As he looked up at the tall steeples of the Cathedral of Santiago de Compostela, my father shed a few tears. My father’s tears likely seemed to the average onlooker to be no more than any other pilgrim’s upon seeing the magnificent cathedral after traveling hundreds of miles. However, I was aware that those tears were for the dream that had been brewing for more than 40 years and had finally materialized.
I’ve spent my whole life listening to my father discuss his ambition of finishing the historic journey that traces the same route that one of Jesus’ twelve apostles, St. James, took thousands of years ago.

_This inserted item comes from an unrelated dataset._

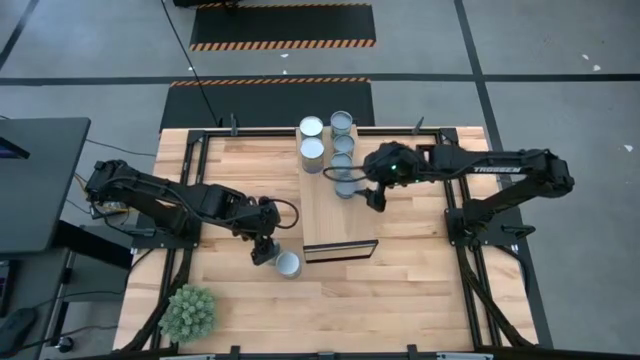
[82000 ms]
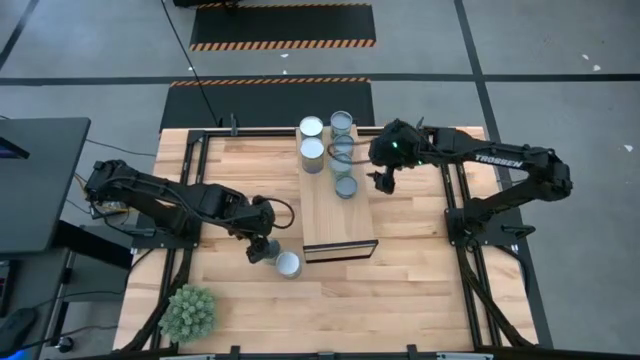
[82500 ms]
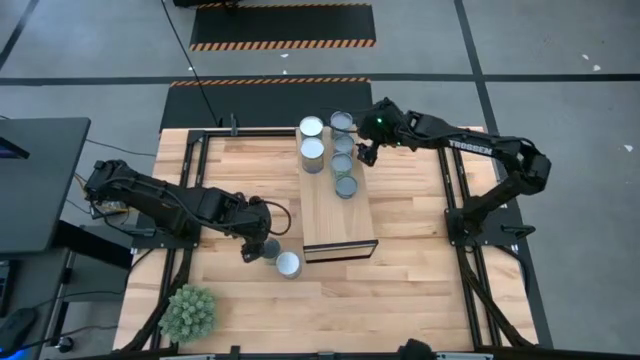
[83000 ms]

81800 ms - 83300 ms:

Not barely half a mile from the location of the house where my father was born, the Cathedral of Santiago de Compostela is where St. James is buried. The Camino de Santiago is made up of many pathways that all lead to this location. And my dad finally got to “walk home” at 64, as he phrased it.
In 31 days, he walked over 600 kilometers from France to Spain, and I might add that he did it with ease. It was my privilege to accompany him for the last five days. He went all over my 23-year-old self, and it wasn’t easy. I’m a talker, as anyone who knows me knows, but my dad didn’t teach me that. Even though he doesn’t say much, he always connects with me and my younger brothers the most when we are doing something together. I had the opportunity to observe the world through his eyes for a few days. I will always remember the experience of witnessing him accomplish something so significant while also accomplishing something of my own.

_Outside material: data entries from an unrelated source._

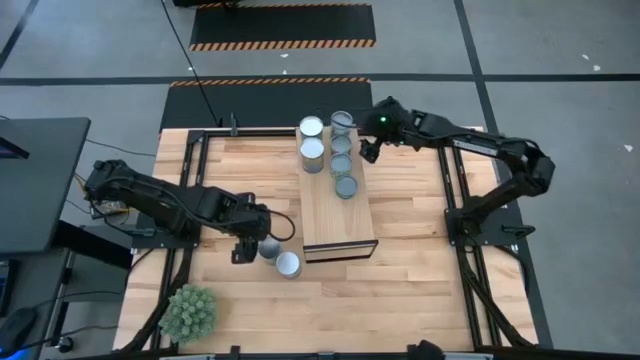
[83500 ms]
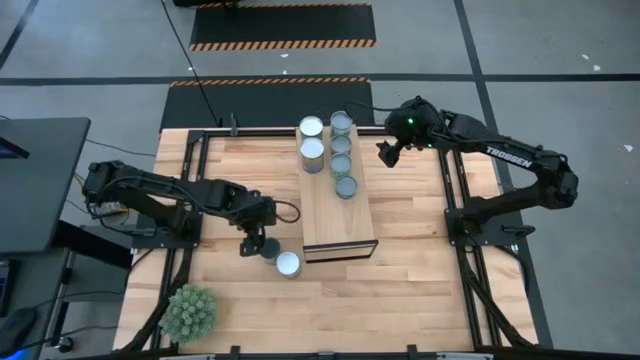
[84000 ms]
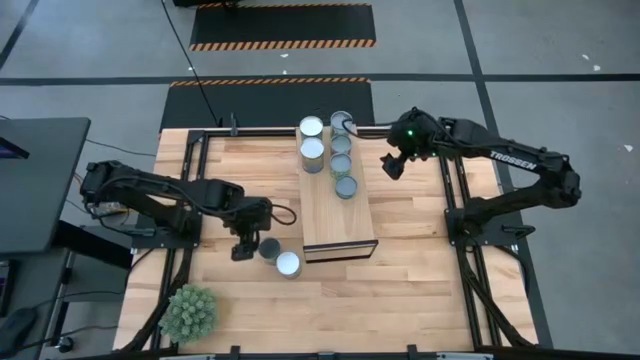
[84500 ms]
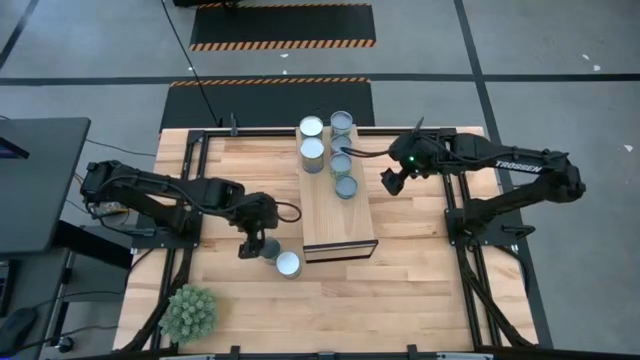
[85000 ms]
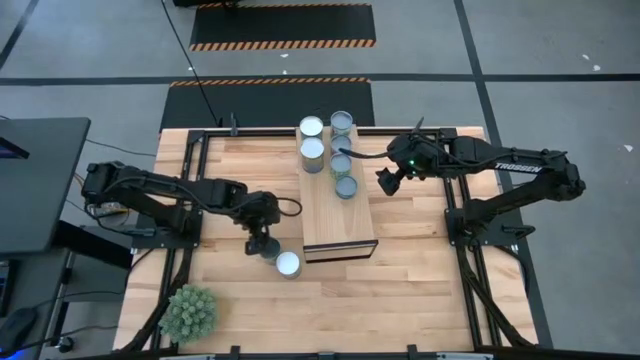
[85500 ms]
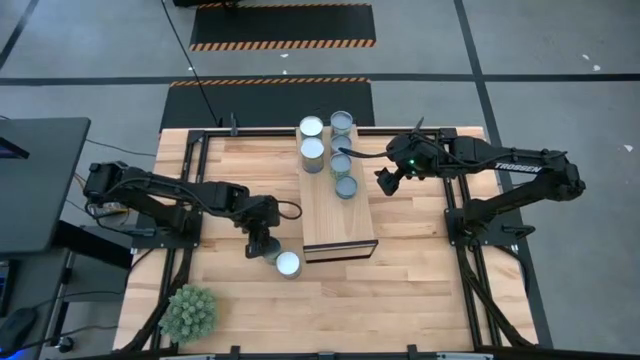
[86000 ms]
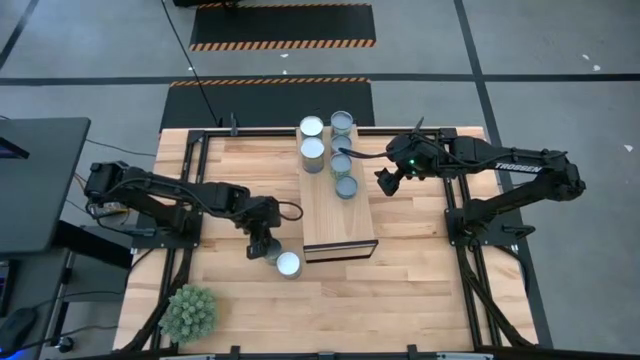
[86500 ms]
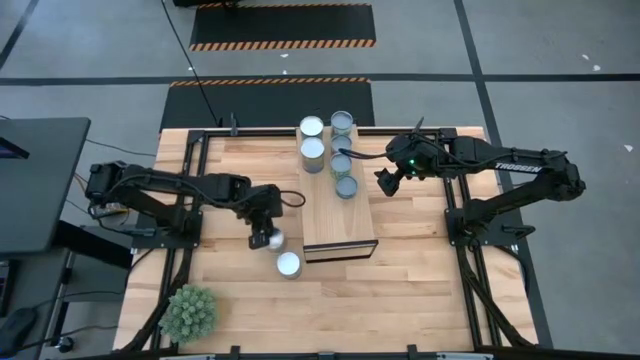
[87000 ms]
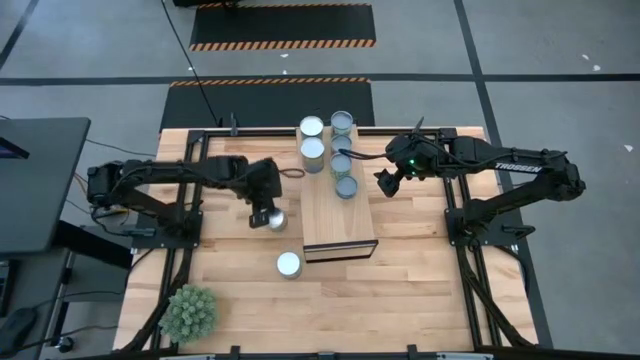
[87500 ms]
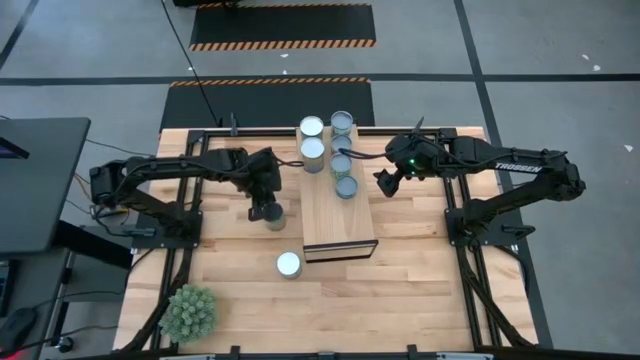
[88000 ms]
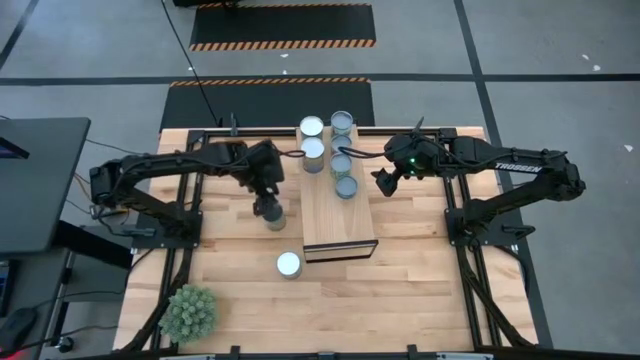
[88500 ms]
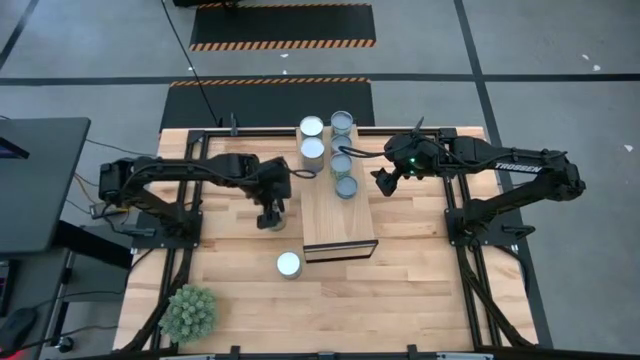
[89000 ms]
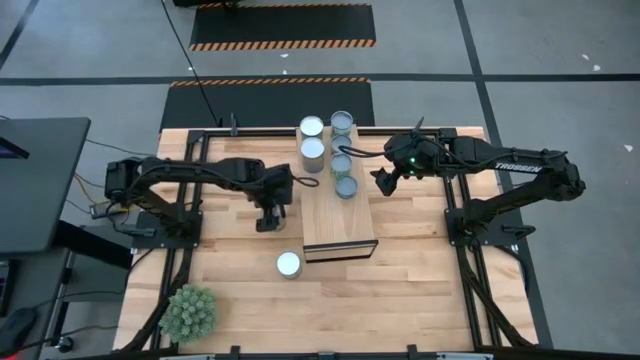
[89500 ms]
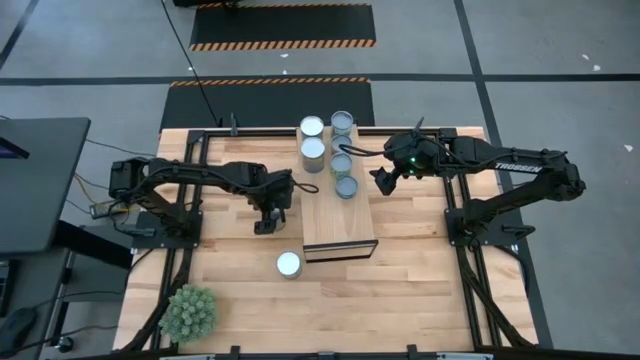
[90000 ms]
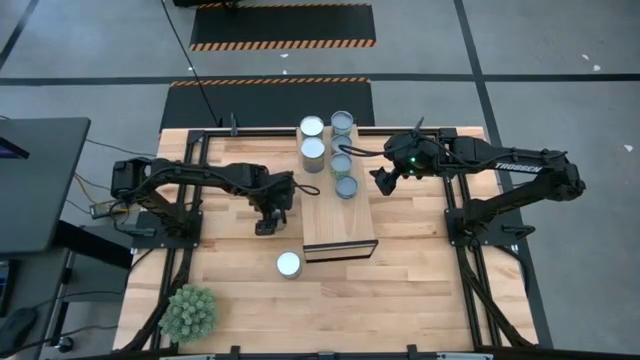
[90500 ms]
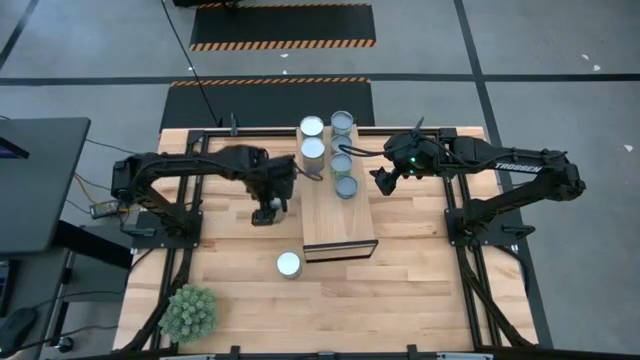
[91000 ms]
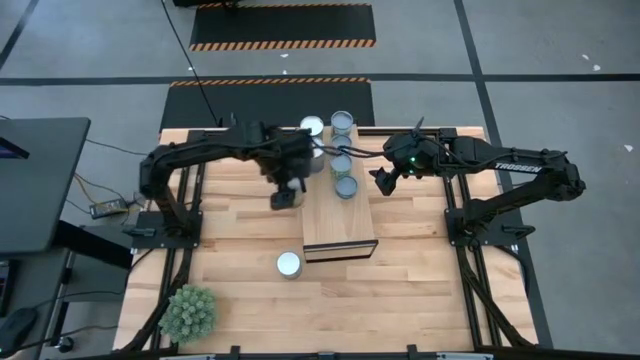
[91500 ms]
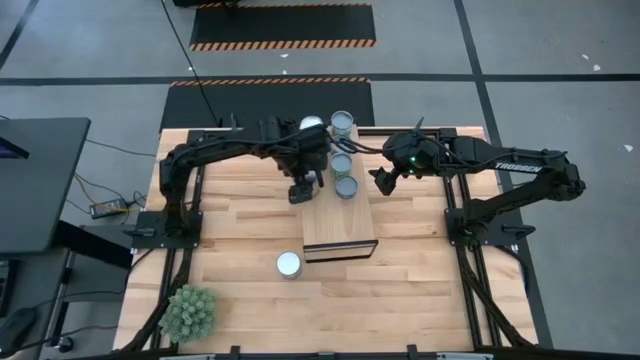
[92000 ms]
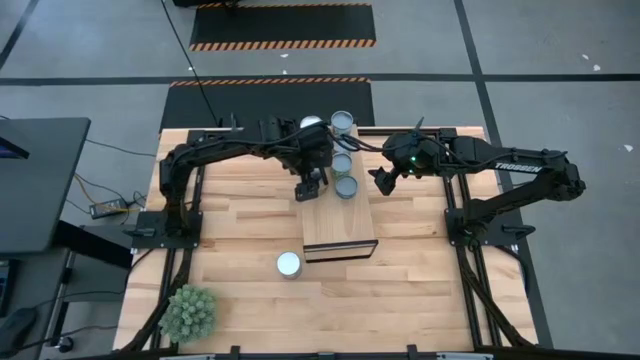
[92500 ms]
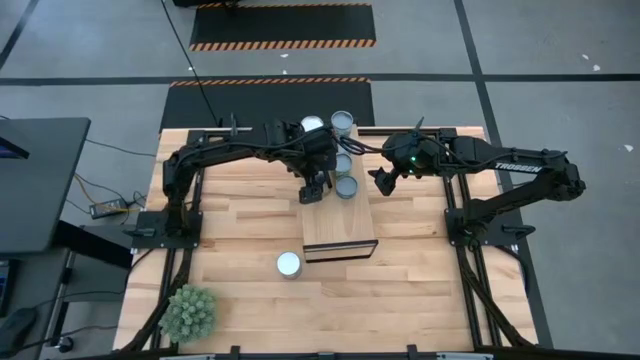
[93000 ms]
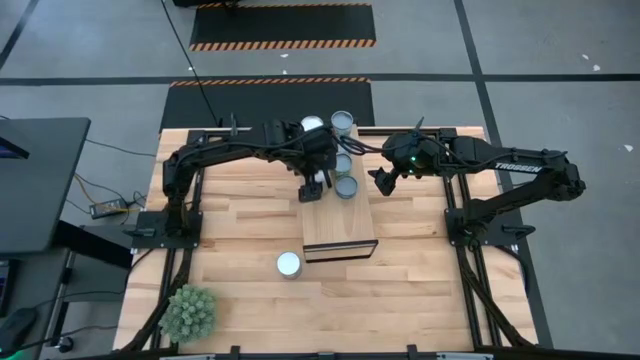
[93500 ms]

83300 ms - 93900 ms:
Put the canned oranges on the shelf

Three adjectives that best describe the Camino are camaraderie, suffering, and tranquility. As soon as they set foot on the centuries-old trail, pilgrims, or peregrinos, exchange the stresses of everyday life for relaxation.
Despite the excruciating agony I had and the sometimes-unavoidable stench of cows, there was something so soothing about the simplicity of getting up early and spending the day strolling through Spanish villages and countryside. By day one, following a 14.5-mile stretch to begin the adventure, I had four blisters and was limping for the majority of the final four miles or so to our destination due to severe pain in my feet, ankles, and knees. Nothing changed the following day, and as the week progressed, it grew worse.
Something I didn’t consider before embarking on the trip is that the walking doesn’t actually end once you complete the miles that make up the stage you’re walking that day. You still have to walk to your hostel, to restaurants for lunch and dinner and in our case, as practicing Catholics, to Mass each night at the local cathedrals. The suffering was intense and often the only thing I could focus on during my walks, but I chose to turn each step into a form of wordless prayer and in return learned that when you think your body can’t be pushed any further, it can. Pedro, a man from Barcelona walking with his daughter Cristina, never failed to remind me this on the days he walked with us. “When you think the tank is empty, you really still have 40% left,” he’d say to me in a mix of Spanish and broken English with a self-rolled cigarette dangling from his mouth. They were just two of the people I was lucky to meet and befriend along the way out of the hundreds of people who came from every corner of the earth to experience the Camino. It was remarkable to see people of all ages completing the hike some for the first time and others for the eighth time. I walked just under 100 miles to reach Santiago de Compostela, and in a lot of ways, this trip served as a final, uninterrupted moment with my dad before my life completely changes.